**** Data for this exercise ****

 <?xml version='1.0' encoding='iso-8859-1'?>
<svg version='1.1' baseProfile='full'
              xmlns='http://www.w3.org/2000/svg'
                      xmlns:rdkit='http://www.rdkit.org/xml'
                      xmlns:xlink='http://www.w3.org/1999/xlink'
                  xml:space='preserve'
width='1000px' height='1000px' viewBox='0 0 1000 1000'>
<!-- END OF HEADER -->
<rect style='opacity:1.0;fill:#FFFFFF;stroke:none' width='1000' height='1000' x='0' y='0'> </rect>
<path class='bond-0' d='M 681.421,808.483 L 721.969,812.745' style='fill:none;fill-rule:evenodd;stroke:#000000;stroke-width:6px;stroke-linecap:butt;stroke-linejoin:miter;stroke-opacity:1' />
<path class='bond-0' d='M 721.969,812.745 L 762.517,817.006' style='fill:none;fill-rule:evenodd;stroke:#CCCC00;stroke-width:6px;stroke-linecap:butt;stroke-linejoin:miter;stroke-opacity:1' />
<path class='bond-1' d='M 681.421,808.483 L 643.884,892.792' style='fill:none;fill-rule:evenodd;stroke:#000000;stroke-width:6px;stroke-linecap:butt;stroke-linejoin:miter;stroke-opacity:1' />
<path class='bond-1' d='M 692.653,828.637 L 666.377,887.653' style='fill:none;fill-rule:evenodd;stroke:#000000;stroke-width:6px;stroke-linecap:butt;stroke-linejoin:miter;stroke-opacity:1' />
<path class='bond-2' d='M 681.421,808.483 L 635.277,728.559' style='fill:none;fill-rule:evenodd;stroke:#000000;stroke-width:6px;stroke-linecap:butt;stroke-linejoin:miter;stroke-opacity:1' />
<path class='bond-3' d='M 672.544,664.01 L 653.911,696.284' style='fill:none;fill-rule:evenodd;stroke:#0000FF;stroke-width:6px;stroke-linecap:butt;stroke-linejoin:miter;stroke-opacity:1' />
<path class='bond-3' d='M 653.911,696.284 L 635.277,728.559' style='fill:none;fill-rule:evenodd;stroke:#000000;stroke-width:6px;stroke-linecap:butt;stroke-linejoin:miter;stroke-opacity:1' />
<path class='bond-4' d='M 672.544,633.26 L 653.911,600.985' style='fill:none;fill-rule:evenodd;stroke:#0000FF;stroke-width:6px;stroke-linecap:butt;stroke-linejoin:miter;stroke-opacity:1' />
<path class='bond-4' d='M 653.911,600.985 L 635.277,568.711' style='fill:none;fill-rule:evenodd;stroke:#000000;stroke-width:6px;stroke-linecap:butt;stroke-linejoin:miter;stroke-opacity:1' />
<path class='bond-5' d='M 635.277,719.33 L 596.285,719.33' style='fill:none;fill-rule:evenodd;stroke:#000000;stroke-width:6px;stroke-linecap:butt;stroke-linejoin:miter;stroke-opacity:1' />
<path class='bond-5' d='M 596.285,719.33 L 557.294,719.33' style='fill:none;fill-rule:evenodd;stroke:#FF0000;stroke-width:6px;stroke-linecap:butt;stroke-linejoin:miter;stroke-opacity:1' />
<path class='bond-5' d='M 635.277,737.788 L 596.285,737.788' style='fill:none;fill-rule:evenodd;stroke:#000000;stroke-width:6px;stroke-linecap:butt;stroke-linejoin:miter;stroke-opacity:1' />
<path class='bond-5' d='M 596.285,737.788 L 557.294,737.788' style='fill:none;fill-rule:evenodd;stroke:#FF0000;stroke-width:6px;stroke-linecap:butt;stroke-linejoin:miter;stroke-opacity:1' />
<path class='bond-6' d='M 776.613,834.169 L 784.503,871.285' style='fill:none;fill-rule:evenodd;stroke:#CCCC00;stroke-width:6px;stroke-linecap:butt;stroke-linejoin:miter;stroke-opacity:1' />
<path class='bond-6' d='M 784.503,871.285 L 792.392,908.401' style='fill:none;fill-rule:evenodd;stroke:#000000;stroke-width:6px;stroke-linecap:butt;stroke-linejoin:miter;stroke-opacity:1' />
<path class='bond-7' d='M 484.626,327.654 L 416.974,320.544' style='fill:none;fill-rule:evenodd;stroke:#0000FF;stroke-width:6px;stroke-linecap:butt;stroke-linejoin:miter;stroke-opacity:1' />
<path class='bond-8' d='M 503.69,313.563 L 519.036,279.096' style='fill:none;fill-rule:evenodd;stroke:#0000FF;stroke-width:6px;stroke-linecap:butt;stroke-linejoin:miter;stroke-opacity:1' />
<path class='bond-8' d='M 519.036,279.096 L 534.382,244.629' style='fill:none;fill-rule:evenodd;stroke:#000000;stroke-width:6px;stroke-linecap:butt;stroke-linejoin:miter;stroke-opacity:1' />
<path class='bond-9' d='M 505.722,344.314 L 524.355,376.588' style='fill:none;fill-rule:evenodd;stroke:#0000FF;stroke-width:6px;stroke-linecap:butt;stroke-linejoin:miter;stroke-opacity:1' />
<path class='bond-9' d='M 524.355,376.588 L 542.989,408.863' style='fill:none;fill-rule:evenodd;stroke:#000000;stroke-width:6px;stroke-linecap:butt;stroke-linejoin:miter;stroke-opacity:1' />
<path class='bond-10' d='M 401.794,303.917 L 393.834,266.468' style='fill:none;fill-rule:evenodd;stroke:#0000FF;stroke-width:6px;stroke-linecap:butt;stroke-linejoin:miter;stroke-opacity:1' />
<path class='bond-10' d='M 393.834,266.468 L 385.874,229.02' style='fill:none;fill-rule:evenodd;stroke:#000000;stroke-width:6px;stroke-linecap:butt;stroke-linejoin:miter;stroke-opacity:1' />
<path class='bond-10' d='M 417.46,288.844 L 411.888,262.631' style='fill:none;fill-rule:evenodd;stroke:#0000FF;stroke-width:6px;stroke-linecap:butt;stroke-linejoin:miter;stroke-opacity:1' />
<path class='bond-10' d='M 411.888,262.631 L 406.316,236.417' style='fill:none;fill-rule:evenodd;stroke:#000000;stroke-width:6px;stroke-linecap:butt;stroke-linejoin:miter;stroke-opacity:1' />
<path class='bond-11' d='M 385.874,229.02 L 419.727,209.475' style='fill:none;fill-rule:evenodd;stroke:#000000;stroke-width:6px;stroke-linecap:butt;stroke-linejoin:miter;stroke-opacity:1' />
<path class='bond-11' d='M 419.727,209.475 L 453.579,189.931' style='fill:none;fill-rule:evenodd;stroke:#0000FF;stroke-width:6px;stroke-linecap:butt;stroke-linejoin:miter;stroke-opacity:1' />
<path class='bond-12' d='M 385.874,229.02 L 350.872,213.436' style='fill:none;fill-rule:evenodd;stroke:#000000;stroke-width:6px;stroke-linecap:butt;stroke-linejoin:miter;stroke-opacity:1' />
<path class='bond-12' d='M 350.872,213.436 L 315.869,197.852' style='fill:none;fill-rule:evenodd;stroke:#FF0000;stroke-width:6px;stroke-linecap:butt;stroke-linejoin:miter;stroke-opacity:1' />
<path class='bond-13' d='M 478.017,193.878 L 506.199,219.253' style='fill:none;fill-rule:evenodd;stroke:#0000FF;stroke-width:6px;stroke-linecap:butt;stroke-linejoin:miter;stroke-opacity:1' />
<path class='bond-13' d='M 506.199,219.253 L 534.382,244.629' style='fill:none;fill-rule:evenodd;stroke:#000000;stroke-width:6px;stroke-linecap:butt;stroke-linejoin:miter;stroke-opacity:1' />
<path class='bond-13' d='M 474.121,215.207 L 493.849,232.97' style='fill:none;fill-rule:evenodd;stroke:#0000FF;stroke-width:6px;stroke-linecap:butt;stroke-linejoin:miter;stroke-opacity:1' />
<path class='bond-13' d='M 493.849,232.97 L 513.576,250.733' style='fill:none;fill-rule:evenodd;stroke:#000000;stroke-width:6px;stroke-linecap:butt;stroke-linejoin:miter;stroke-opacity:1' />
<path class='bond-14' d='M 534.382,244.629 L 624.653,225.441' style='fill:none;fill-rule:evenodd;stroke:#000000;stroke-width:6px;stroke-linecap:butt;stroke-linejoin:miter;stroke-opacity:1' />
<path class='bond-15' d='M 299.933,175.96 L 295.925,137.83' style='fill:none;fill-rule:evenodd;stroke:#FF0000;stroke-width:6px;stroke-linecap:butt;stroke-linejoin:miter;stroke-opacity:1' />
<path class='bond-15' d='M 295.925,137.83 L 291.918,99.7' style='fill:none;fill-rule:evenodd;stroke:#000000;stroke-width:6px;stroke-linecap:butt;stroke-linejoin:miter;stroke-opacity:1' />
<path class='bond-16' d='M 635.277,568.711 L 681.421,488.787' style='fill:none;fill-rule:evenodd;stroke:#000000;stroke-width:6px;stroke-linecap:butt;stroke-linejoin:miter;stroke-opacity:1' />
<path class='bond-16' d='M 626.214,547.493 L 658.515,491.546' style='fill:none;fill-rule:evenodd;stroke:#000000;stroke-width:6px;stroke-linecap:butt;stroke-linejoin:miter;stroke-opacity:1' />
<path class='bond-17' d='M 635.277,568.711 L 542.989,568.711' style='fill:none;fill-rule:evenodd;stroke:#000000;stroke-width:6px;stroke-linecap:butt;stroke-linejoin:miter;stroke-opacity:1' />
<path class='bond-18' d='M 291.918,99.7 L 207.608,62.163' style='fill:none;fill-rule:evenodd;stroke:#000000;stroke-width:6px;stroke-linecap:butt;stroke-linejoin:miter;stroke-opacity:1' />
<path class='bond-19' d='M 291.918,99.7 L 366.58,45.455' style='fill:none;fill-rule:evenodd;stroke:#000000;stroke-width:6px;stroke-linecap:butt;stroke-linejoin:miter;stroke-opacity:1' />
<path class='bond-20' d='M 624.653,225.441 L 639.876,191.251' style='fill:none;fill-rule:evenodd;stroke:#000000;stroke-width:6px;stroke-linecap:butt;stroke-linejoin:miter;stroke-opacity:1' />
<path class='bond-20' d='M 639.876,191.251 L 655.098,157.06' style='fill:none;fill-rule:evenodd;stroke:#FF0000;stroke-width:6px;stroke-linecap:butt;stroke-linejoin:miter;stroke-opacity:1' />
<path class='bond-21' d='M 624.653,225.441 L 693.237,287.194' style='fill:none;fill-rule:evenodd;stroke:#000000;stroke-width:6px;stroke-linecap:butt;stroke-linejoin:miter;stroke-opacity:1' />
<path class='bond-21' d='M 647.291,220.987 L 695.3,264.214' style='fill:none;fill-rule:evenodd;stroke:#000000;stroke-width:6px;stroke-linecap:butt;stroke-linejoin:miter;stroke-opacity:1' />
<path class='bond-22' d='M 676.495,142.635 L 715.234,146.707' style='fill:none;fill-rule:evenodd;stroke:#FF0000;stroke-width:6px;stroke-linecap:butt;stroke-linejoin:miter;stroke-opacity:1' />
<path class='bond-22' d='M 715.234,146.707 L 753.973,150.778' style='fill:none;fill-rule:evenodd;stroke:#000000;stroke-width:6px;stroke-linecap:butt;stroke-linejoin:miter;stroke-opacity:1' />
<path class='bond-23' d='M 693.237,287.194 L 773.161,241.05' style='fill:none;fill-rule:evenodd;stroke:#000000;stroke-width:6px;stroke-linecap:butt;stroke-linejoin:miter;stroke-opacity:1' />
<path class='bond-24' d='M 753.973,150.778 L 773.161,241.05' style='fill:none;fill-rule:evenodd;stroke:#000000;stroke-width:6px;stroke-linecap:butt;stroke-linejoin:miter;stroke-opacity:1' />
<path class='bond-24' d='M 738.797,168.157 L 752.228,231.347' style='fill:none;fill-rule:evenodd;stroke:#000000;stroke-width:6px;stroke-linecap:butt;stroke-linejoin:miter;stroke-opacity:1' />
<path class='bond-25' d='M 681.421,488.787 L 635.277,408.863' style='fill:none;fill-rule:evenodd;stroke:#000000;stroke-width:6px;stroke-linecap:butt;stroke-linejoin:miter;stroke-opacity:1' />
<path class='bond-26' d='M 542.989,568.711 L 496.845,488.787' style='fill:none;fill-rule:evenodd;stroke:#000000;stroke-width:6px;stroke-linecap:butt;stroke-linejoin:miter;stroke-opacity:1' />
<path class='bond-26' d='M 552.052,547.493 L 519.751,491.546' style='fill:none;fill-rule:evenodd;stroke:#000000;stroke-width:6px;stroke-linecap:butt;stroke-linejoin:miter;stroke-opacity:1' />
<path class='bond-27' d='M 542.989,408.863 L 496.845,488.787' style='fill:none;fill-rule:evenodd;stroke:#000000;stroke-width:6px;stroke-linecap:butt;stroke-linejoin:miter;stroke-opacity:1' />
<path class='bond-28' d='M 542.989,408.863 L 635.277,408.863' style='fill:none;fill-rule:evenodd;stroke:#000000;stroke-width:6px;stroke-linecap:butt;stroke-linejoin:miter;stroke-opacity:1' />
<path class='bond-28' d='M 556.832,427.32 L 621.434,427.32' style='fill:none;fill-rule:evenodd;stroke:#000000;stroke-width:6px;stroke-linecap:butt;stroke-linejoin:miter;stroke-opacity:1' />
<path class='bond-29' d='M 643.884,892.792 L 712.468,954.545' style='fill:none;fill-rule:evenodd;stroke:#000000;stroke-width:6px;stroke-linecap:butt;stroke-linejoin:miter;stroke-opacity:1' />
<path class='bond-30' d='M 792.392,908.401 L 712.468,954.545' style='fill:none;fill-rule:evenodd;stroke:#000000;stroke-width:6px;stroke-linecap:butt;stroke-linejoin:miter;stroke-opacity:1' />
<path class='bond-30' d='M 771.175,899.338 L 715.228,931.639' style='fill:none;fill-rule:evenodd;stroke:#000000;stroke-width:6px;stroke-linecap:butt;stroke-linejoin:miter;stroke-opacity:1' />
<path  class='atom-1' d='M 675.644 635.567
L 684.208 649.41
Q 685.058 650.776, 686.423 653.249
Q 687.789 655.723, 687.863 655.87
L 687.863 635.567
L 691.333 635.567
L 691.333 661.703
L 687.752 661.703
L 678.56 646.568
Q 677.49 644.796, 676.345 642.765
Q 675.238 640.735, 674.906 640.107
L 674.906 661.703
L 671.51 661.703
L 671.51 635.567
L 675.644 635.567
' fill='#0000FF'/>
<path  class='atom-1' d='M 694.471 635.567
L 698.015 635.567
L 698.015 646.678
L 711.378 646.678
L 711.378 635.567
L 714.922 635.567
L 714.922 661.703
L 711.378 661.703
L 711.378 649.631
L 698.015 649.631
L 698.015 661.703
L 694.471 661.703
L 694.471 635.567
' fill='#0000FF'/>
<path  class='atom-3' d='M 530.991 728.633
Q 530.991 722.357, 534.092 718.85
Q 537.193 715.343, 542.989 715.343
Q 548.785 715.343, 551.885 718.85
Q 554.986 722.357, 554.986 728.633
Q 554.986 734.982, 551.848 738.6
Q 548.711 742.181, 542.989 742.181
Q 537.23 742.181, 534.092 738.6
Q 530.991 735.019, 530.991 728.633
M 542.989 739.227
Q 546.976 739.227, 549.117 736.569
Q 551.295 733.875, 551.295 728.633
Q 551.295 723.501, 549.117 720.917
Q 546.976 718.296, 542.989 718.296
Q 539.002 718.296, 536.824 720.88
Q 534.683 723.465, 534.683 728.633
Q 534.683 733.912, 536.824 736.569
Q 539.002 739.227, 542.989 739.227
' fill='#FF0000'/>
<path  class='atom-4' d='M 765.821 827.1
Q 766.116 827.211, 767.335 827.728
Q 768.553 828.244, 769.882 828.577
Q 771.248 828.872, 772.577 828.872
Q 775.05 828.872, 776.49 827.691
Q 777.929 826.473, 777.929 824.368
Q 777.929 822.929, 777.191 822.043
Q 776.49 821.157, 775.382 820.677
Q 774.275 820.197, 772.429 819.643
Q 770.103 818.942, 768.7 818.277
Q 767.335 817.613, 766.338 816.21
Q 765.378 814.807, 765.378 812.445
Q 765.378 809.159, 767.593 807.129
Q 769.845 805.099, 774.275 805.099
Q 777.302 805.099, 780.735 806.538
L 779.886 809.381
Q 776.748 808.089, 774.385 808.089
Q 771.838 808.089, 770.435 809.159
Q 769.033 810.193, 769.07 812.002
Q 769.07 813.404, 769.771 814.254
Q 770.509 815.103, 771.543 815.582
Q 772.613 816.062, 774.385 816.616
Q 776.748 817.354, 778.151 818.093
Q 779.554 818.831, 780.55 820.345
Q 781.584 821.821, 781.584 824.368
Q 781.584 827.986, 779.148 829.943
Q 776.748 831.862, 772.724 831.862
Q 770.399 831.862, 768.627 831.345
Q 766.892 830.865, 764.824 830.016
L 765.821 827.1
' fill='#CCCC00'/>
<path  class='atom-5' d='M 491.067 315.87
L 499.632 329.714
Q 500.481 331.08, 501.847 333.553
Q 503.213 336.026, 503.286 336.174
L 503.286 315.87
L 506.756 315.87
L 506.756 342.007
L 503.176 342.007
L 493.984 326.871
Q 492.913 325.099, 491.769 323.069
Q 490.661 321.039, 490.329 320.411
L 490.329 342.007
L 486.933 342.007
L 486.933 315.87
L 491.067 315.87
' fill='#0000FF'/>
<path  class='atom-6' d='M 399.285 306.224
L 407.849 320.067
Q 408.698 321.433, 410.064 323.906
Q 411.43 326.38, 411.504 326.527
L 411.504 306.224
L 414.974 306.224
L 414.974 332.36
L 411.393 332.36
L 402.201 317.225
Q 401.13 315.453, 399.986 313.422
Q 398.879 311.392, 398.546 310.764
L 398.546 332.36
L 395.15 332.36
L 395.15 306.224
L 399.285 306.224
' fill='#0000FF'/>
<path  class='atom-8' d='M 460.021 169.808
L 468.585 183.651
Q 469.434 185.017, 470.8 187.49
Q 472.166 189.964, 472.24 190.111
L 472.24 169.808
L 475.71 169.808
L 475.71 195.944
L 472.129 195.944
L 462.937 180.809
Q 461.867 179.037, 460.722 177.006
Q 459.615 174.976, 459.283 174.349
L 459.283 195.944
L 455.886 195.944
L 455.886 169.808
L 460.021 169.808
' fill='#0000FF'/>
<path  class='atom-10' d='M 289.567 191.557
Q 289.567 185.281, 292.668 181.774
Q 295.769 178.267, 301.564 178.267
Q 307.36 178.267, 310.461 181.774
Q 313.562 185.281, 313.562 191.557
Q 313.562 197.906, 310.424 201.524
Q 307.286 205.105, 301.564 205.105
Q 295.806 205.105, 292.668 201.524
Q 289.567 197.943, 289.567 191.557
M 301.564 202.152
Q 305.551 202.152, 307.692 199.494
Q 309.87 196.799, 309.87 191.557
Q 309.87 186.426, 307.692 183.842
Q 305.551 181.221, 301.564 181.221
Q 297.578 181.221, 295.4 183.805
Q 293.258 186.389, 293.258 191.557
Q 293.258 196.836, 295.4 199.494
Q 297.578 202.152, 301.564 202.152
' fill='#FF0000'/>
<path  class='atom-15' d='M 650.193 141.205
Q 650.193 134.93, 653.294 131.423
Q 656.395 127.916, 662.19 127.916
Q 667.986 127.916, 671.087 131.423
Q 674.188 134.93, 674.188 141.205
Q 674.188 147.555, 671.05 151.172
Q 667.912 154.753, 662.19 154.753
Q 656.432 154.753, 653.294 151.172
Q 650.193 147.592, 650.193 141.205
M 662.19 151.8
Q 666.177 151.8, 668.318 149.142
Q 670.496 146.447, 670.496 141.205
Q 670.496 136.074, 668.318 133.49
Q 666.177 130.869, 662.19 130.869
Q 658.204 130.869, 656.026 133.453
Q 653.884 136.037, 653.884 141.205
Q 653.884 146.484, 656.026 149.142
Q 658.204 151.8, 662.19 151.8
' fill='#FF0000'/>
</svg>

****

Work item: Begin with the first line of the records and finish with the line containing "<rect style='opacity:1.0;fill:#FFFFFF;stroke:none' width='1000'". Reproduce those lines exactly, both ends included, and nothing else.

Result of the exercise:
 <?xml version='1.0' encoding='iso-8859-1'?>
<svg version='1.1' baseProfile='full'
              xmlns='http://www.w3.org/2000/svg'
                      xmlns:rdkit='http://www.rdkit.org/xml'
                      xmlns:xlink='http://www.w3.org/1999/xlink'
                  xml:space='preserve'
width='1000px' height='1000px' viewBox='0 0 1000 1000'>
<!-- END OF HEADER -->
<rect style='opacity:1.0;fill:#FFFFFF;stroke:none' width='1000' height='1000' x='0' y='0'> </rect>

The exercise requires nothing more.